* Your goal: Copy the records exactly, leaving out every picture.
[Dataset excerpts — start]
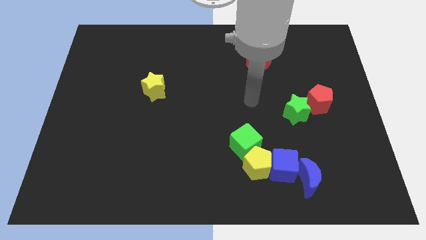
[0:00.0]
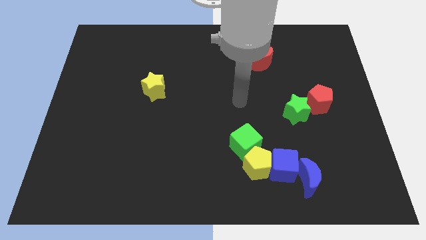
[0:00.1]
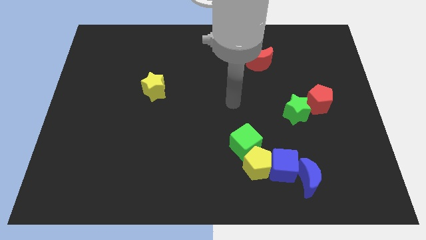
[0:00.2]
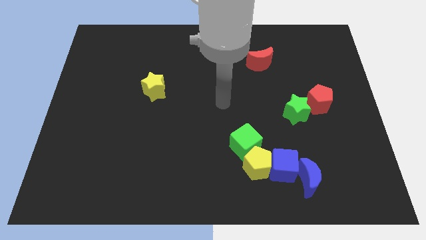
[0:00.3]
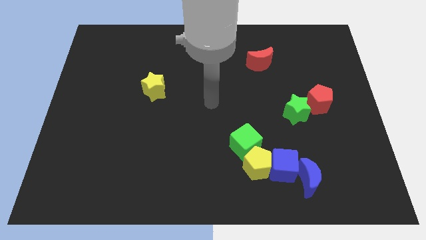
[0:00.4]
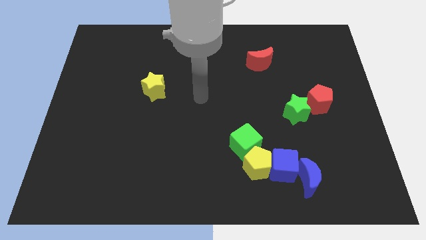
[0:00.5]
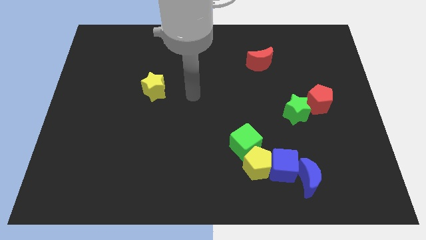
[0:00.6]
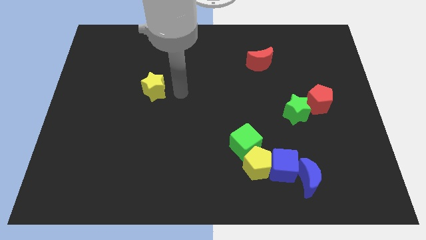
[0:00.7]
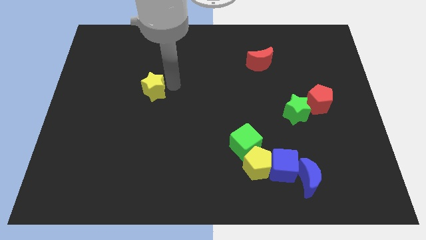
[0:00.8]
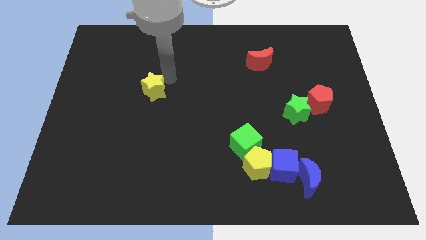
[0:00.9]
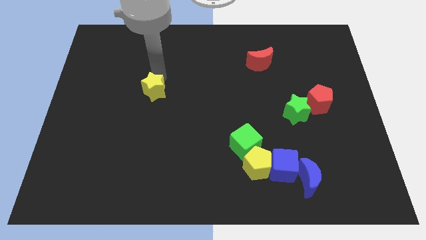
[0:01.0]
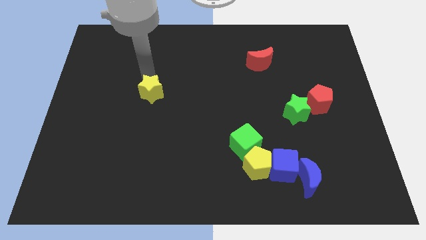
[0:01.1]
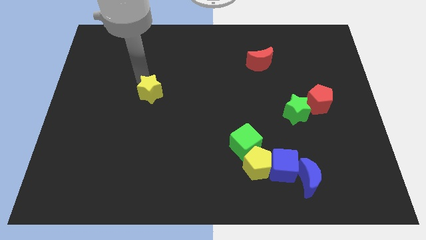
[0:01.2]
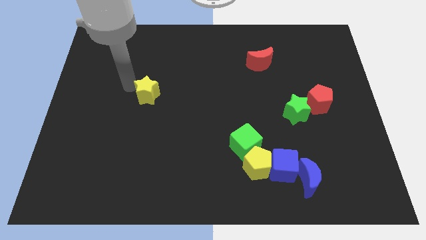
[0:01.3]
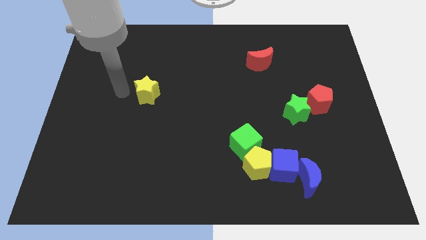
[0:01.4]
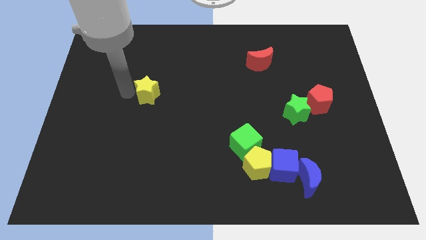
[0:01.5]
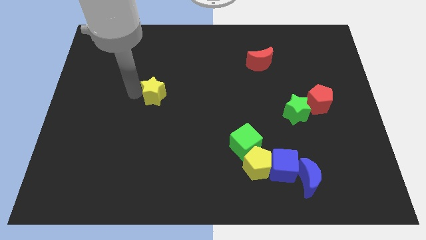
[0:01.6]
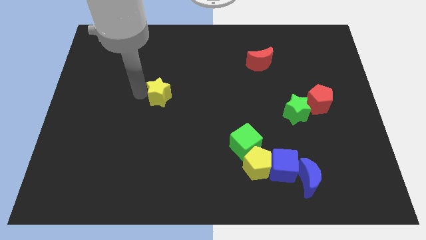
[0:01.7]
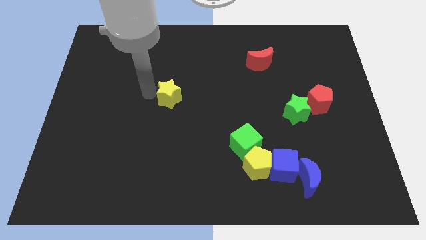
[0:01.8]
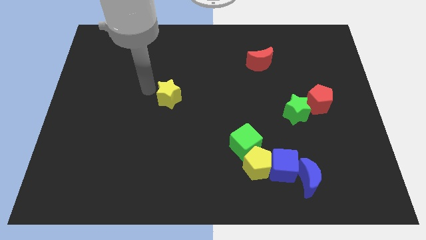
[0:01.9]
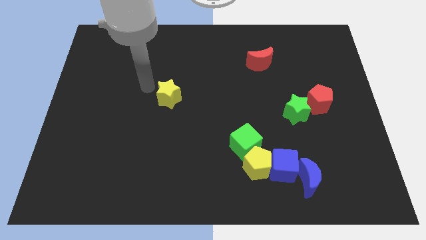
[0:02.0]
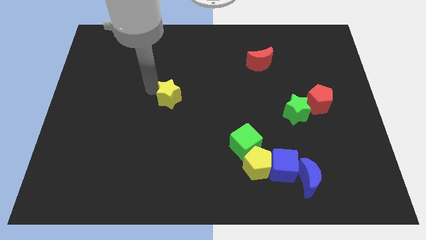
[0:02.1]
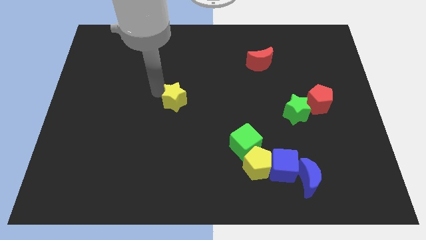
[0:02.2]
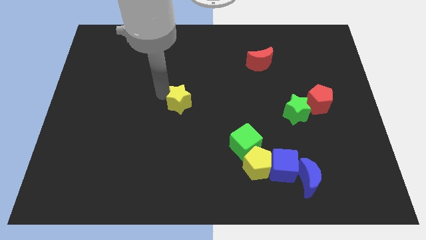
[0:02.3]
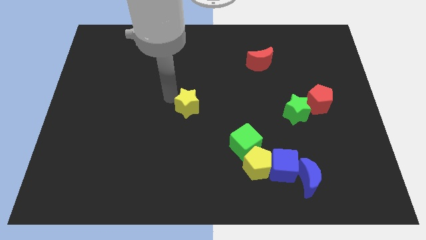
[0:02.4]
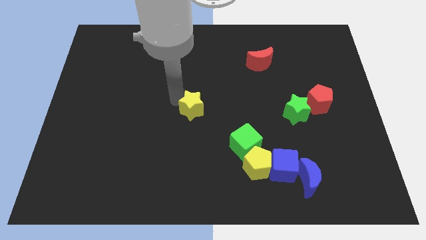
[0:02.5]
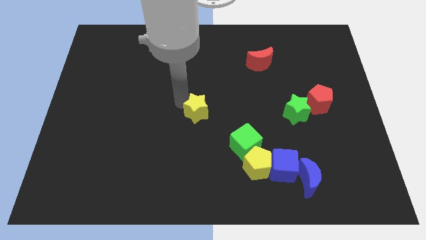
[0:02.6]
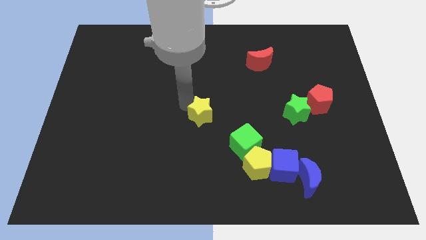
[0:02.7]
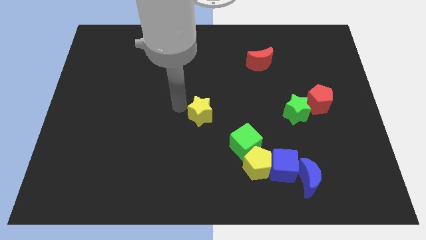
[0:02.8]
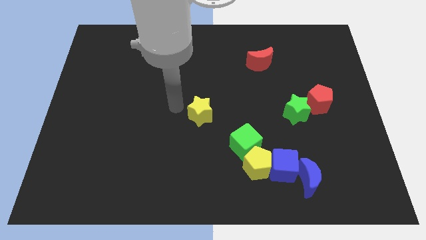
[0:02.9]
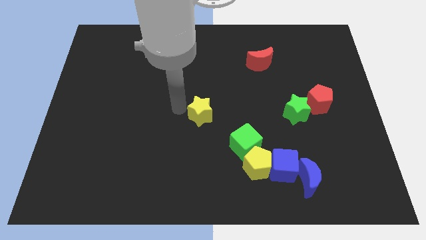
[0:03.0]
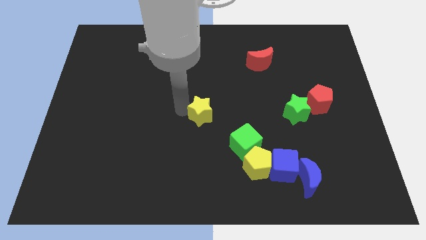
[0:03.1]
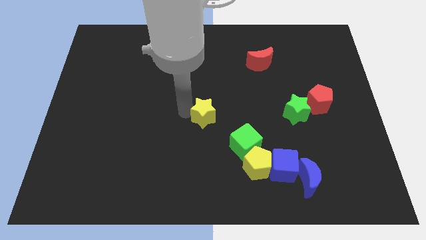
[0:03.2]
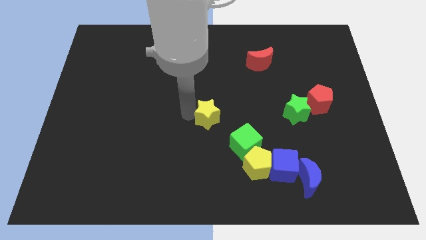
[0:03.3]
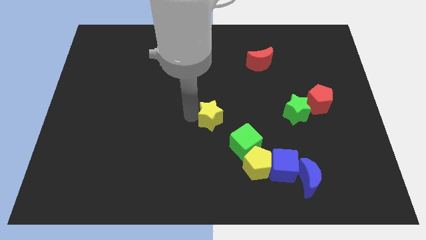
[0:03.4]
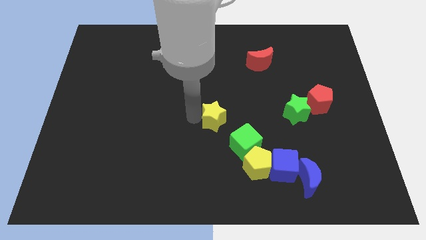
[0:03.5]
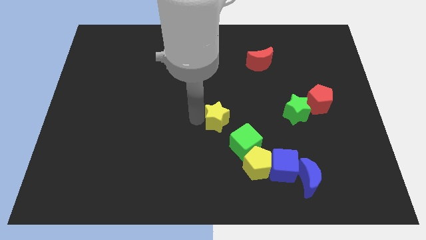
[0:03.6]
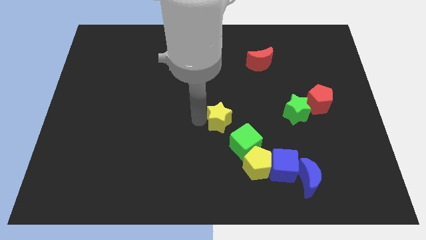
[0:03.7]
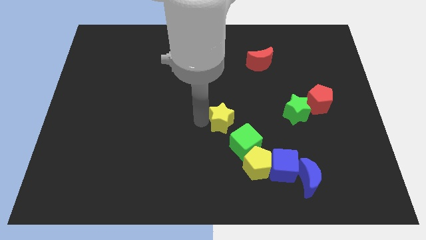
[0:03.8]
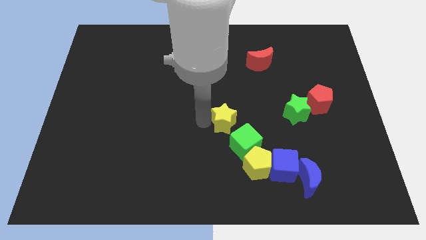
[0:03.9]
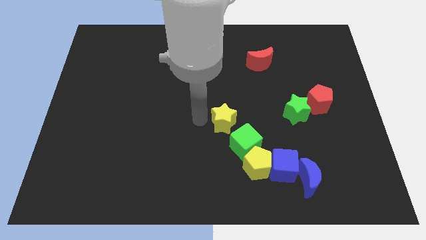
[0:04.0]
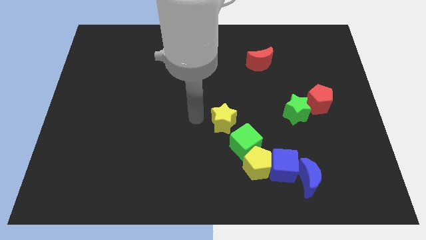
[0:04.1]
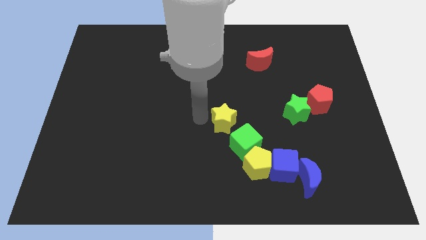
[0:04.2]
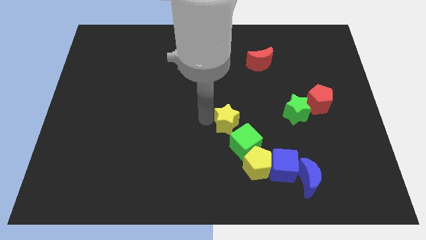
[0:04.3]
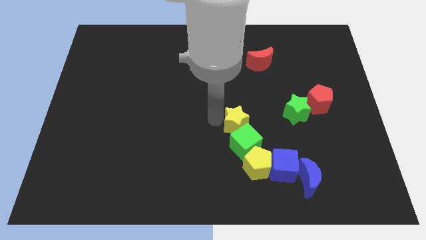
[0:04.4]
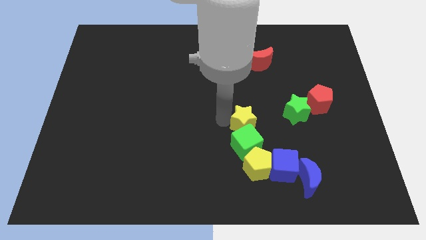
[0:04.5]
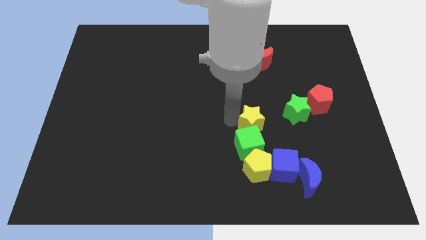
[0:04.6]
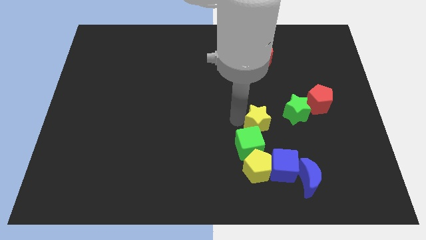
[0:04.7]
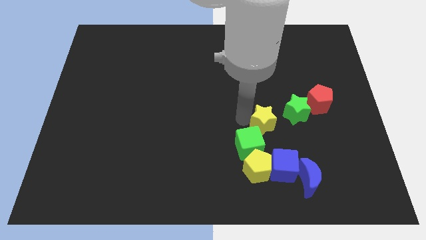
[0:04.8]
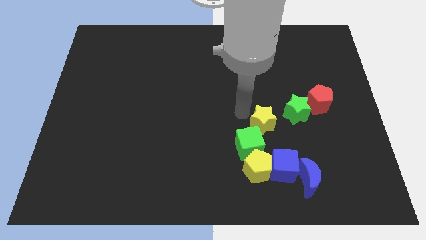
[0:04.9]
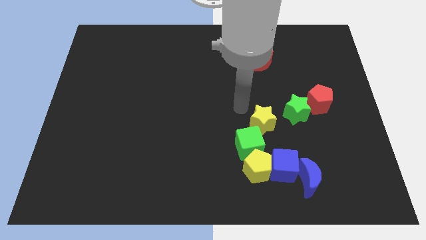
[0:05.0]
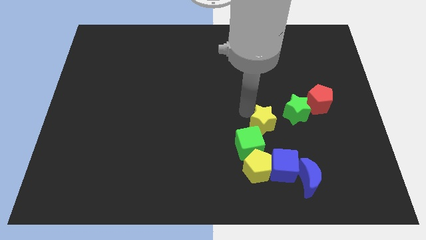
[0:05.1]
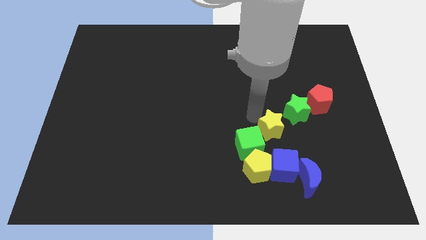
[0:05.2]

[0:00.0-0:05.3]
push the yellow star just right of the green cube
[Dataset excerpts — finish]
* Task output:
[0:00.0]
[0:00.1]
[0:00.2]
[0:00.3]
[0:00.4]
[0:00.5]
[0:00.6]
[0:00.7]
[0:00.8]
[0:00.9]
[0:01.0]
[0:01.1]
[0:01.2]
[0:01.3]
[0:01.4]
[0:01.5]
[0:01.6]
[0:01.7]
[0:01.8]
[0:01.9]
[0:02.0]
[0:02.1]
[0:02.2]
[0:02.3]
[0:02.4]
[0:02.5]
[0:02.6]
[0:02.7]
[0:02.8]
[0:02.9]
[0:03.0]
[0:03.1]
[0:03.2]
[0:03.3]
[0:03.4]
[0:03.5]
[0:03.6]
[0:03.7]
[0:03.8]
[0:03.9]
[0:04.0]
[0:04.1]
[0:04.2]
[0:04.3]
[0:04.4]
[0:04.5]
[0:04.6]
[0:04.7]
[0:04.8]
[0:04.9]
[0:05.0]
[0:05.1]
[0:05.2]

[0:00.0-0:05.3]
push the yellow star just right of the green cube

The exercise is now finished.